Thanks, I didn't try out rescale=True and thank you for pointing me to the issue. Unfortunately, I could not solve the issue, it is indeed related to symbolic_trace. I assume the problem is that symbolic_trace removes all checkpoint() operations from the graphs. Here is an issue explaining it but nobody responded.

I set up a small example demonstrating that a traced module does not perform activation checkpointing:

import torch
from torch.utils.checkpoint import checkpoint
import torch.fx as fx

def forward_hook(module, input, output):
    if input[0].requires_grad:
        print(f"track gradient in submodule")
    else:
        print(f"do not track gradient in submodule")

class SubModule(torch.nn.Module):
    def __init__(self):
        super().__init__()
        self.linear2 = torch.nn.Linear(1024, 2048)
        self.linear3 = torch.nn.Linear(2048, 1024)
        self.linear4 = torch.nn.Linear(2048, 1024)

        # apply forward hook
        self.linear3.register_forward_hook(forward_hook)

    def forward(self, x):
        x = self.linear2(x)
        x = self.linear3(x) + self.linear4(x)
        return x

class myModel(torch.nn.Module):
    def __init__(self, grad_checkpoint):
        super().__init__()
        self.linear1 = torch.nn.Linear(1024, 1024)
        self.submodule = SubModule()
        self.checkpoint = grad_checkpoint

    def forward(self, x):
        x = self.linear1(x)
        if self.checkpoint:
            x = checkpoint(self.submodule, x, use_reentrant=True)
        else:
            x = self.submodule(x)
        x = x.sum()
        return x

def run(grad_checkpoint, use_graph_module):

    device = "cuda" if torch.cuda.is_available() else "cpu"
    model = myModel(grad_checkpoint).to(device)
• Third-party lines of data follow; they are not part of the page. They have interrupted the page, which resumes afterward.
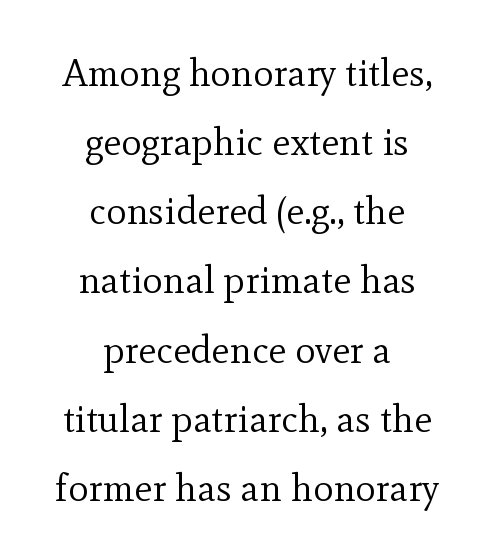
Q: Is the text bold? A: No.
Q: Is the text italic (slanted)? A: No, it is upright.
Q: Is the typeface a serif or a sans-serif typeface? A: Serif.
Q: Is the text underlined? A: No.
Q: How is the paragraph aligned? A: Centered.
Q: Is the spacing between letters normal or unusually wide? A: Normal.
Q: Width (condensed, normal, or wide)? A: Normal.
Q: x-height? A: Small.
Q: Monospaced? A: No.
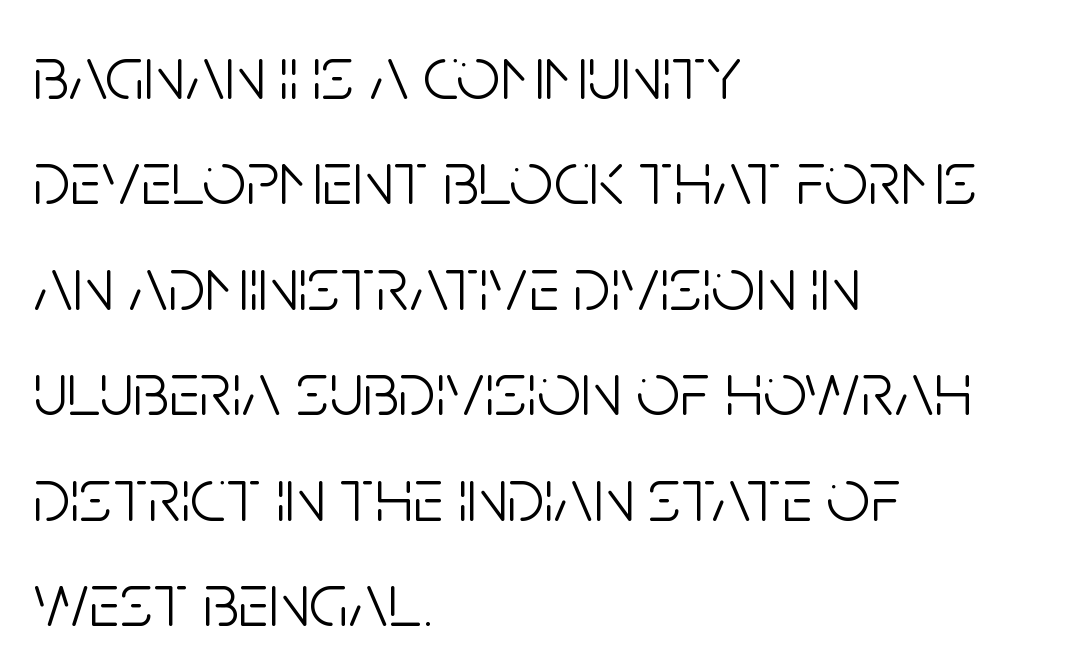
The image shows 77 px light, condensed sans-serif type, upright; set left-aligned, normal line spacing (1.37x), normal letter spacing, not underlined; low stroke contrast and a large x-height.

    x = torch.randn((1, 1024), requires_grad=True, device=device)

    print("### Start forward pass")
    if use_graph_module:
        tracer = fx.Tracer()
        graph = tracer.trace(model)

        gm = fx.GraphModule(model, graph)
        gm.recompile()
        # gm.print_readable()

        out = gm(x)
    else:
        out = model(x)

    print("### Start backward pass")
    out.backward()

    print("gradient shape", x.grad.shape)

if __name__ == "__main__":
    # works as expected
    print("---- no checkpointing ----")
    run(grad_checkpoint=False, use_graph_module=False)
    print("---- no checkpointing & torch.fx ----")
    run(grad_checkpoint=False, use_graph_module=True)
    print("---- enabled checkpointing ----")
    run(grad_checkpoint=True, use_graph_module=False)

    # does not perform activation checkpointing!
    print("---- enabled checkpointing & torch.fx ----")
    run(grad_checkpoint=True, use_graph_module=True)
rachtibat commented 2 months ago

Yes, I just confirmed it by adding this line at the top

import torch
from torch.utils.checkpoint import checkpoint
import torch.fx as fx

# do not trace inside checkpoint()
fx.wrap('checkpoint')

Then, activation checkpointing works, but torch.fx is not tracing the content of the checkpointed layers, which is defeating the purpose why we use torch.fx in the first place.

If I use torch==2.3 and compile() like in your example, it works! So, there might be a way! Maybe it is possible to extract a graph from compile().